- [THE INPUT]

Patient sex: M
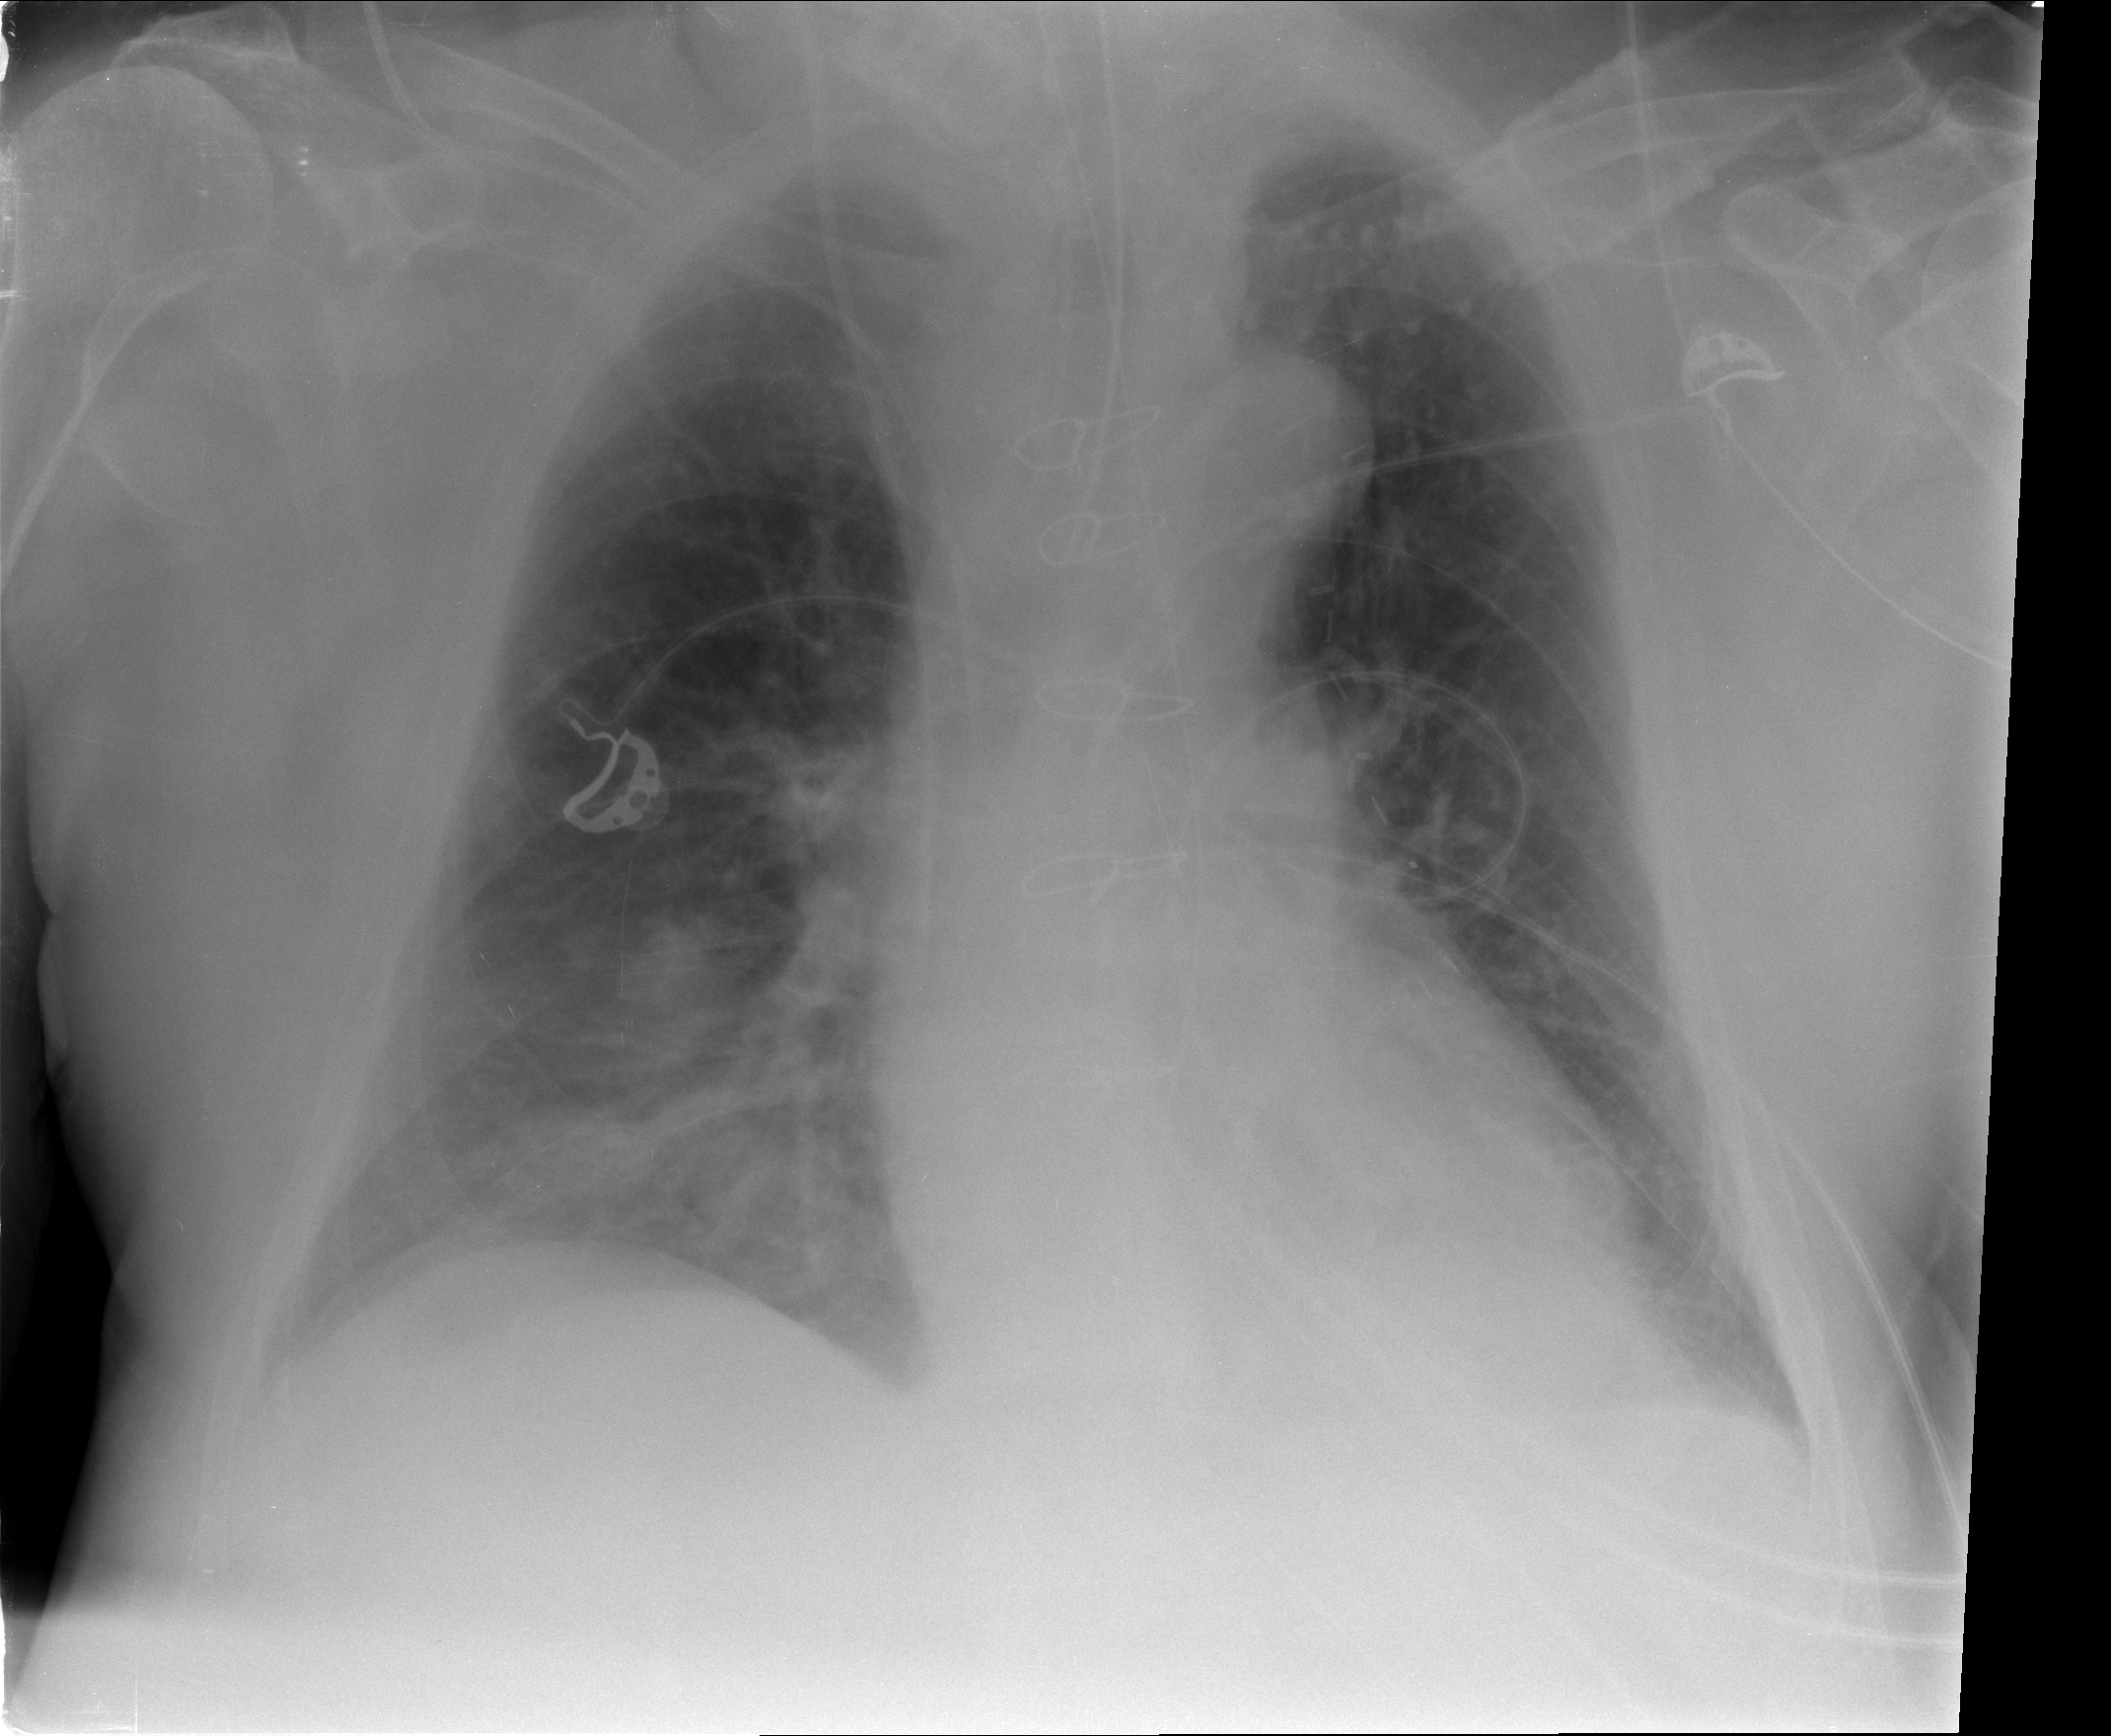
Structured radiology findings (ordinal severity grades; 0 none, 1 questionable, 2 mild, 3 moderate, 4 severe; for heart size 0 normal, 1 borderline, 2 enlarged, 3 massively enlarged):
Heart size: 0
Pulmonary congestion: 2
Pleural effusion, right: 0
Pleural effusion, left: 0
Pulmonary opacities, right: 0
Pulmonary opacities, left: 0
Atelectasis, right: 2
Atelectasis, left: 2
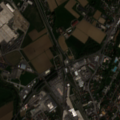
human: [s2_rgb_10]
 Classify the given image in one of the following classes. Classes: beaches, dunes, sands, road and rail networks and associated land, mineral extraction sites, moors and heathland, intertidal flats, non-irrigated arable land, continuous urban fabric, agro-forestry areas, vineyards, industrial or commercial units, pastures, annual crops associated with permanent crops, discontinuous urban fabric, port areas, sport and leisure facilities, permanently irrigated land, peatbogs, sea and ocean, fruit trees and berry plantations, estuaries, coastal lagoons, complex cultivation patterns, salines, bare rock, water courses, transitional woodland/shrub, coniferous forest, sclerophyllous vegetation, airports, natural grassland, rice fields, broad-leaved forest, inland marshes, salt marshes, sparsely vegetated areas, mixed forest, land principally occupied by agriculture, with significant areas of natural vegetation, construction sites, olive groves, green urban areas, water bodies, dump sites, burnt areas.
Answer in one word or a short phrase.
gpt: discontinuous urban fabric, industrial or commercial units, non-irrigated arable land
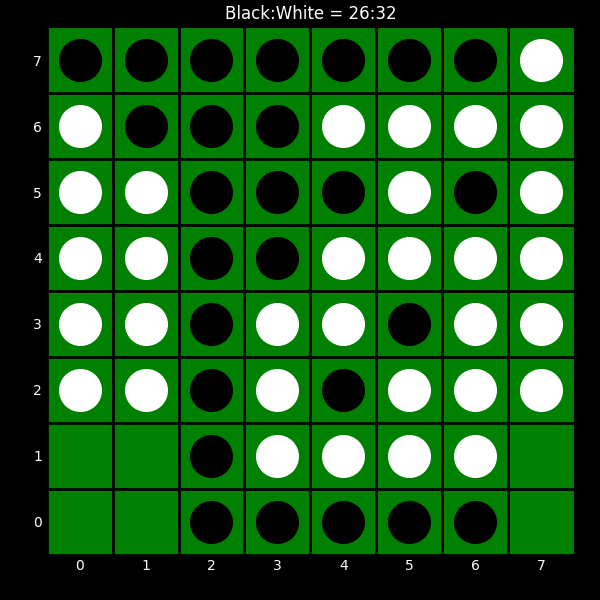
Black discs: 26
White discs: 32
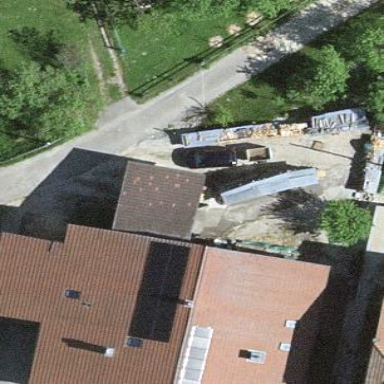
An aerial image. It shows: Farm building.
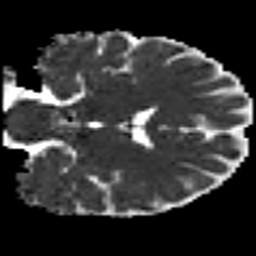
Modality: MD
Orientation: coronal
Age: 40
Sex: male
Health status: ill
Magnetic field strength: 3 T
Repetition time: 8.4 s
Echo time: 0.0926 s
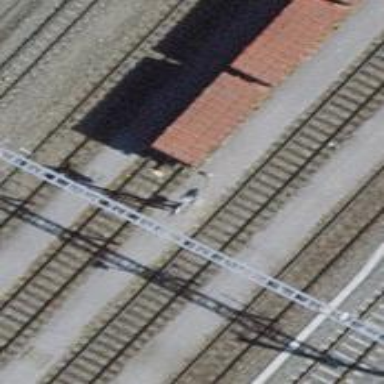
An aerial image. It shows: Railway signal.
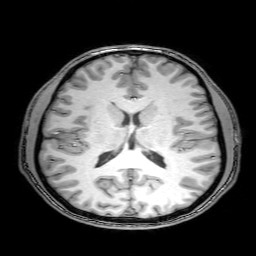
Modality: T1w
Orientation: coronal
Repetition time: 0.00828 s
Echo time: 0.00388 s
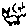
Label: cat
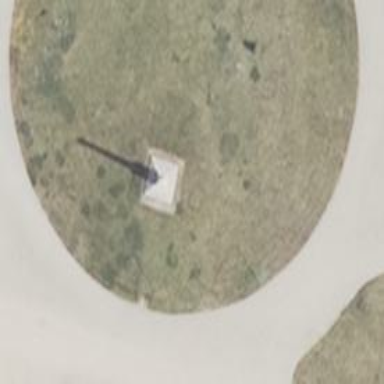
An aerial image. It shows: Historic obelisk memorial.
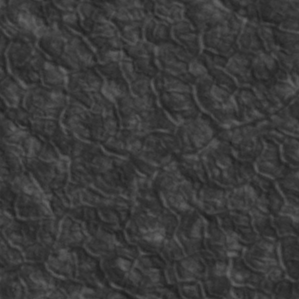
Label: non_frost
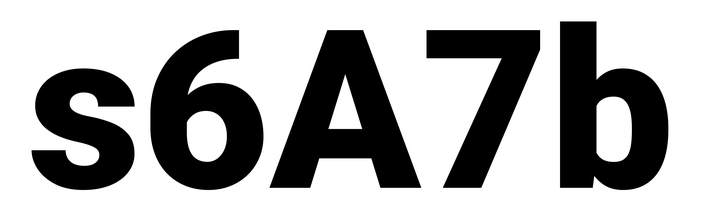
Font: Roboto_Black
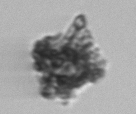
Label: detritus

- [DIRECTIONS FOR THIS TASK]
Where a picture appears in the data, omit it; restate the rest word for word.

- [EXERCISE RESPONSE]
Patient sex: M
Structured radiology findings (ordinal severity grades; 0 none, 1 questionable, 2 mild, 3 moderate, 4 severe; for heart size 0 normal, 1 borderline, 2 enlarged, 3 massively enlarged):
Heart size: 0
Pulmonary congestion: 2
Pleural effusion, right: 0
Pleural effusion, left: 0
Pulmonary opacities, right: 0
Pulmonary opacities, left: 0
Atelectasis, right: 2
Atelectasis, left: 2
human: [s2_rgb_10]
 Classify the given image in one of the following classes. Classes: beaches, dunes, sands, road and rail networks and associated land, mineral extraction sites, moors and heathland, intertidal flats, non-irrigated arable land, continuous urban fabric, agro-forestry areas, vineyards, industrial or commercial units, pastures, annual crops associated with permanent crops, discontinuous urban fabric, port areas, sport and leisure facilities, permanently irrigated land, peatbogs, sea and ocean, fruit trees and berry plantations, estuaries, coastal lagoons, complex cultivation patterns, salines, bare rock, water courses, transitional woodland/shrub, coniferous forest, sclerophyllous vegetation, airports, natural grassland, rice fields, broad-leaved forest, inland marshes, salt marshes, sparsely vegetated areas, mixed forest, land principally occupied by agriculture, with significant areas of natural vegetation, construction sites, olive groves, green urban areas, water bodies, dump sites, burnt areas.
Answer in one word or a short phrase.
gpt: discontinuous urban fabric, industrial or commercial units, non-irrigated arable land
Black discs: 26
White discs: 32
An aerial image. It shows: Farm building.
Modality: MD
Orientation: coronal
Age: 40
Sex: male
Health status: ill
Magnetic field strength: 3 T
Repetition time: 8.4 s
Echo time: 0.0926 s
An aerial image. It shows: Railway signal.
Modality: T1w
Orientation: coronal
Repetition time: 0.00828 s
Echo time: 0.00388 s
Label: cat
An aerial image. It shows: Historic obelisk memorial.
Label: non_frost
Font: Roboto_Black
Label: detritus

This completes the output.